I didn't know "gaming cafes" were still a thing. I also wonder what the bandwidth is like. Processing power is straightforward to acquire (buy GPUs) but decent bandwidth can be very hard to acquire in certain areas and yet is necessary if you want to rent out those machines as clients need to bring the data to them fast (labelled assets for ML training, etc).
This is very impressive. I've been following the progress of akash.network: https://akash.network/

They wrote two white papers which gave me a much better understanding of the challenges involved in creating a "market for compute" although I'll admit that much of the maths went over my head.

Mining economics: https://akash-web-prod.s3.amazonaws.com/uploads/2020/03/akas...

Decentralised cloud infrastructure marketplace: https://akash-web-prod.s3.amazonaws.com/uploads/2020/03/akas...

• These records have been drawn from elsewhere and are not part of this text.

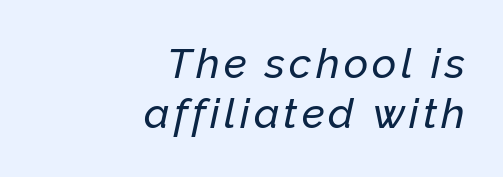
Q: Is the text italic (slanted)? A: Yes, it leans right by about 12 degrees.
Q: Is the text underlined? A: No.
Q: How is the paragraph aligned? A: Right-aligned.
Q: Width (condensed, normal, or wide)? A: Normal.
Q: Stroke contrast? A: Low.
Q: x-height? A: Medium.
Q: Monospaced? A: No.
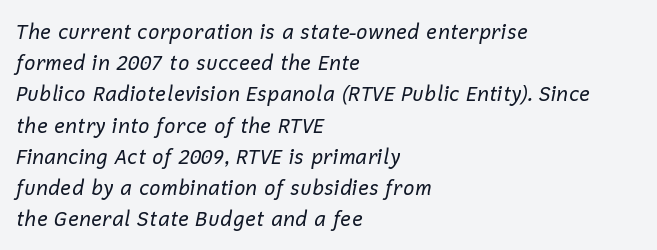
Q: Is the text bold? A: No.
Q: Is the text italic (slanted)? A: Yes, it leans right by about 12 degrees.
Q: Is the text underlined? A: No.
Q: How is the paragraph aligned? A: Left-aligned.
Q: Is the spacing between letters normal or unusually wide? A: Normal.
Q: Is the spacing between lines tight, normal or loose? A: Normal.

Akash looks cool! I am working on a self hosting solution (https://protos.io) that is similar to Sandstorm, and I've been dreaming of a way to deploy VMs on various cloud providers, without requiring an account creation beforehand and without having any intermediaries. Akash looks like it could become that. Unfortunately at the moment you can only deploy containers, and I need the ability to deploy full VMs.
Heya! I’m Jamie, I’m actually one of the co-founders of FluidStack, the company in the post. We’ve been working with gaming cafes to help them earn money during the lockdown across the US, and offering them out to customers as ultra-cheap servers for machine learning, video rendering, and cloud gaming. We would love feedback from HN on this -- if anybody has thoughts -- I’d love to hear them! You can also reach me at jamie@fluidstack.io if you’d rather email me anything. Thanks!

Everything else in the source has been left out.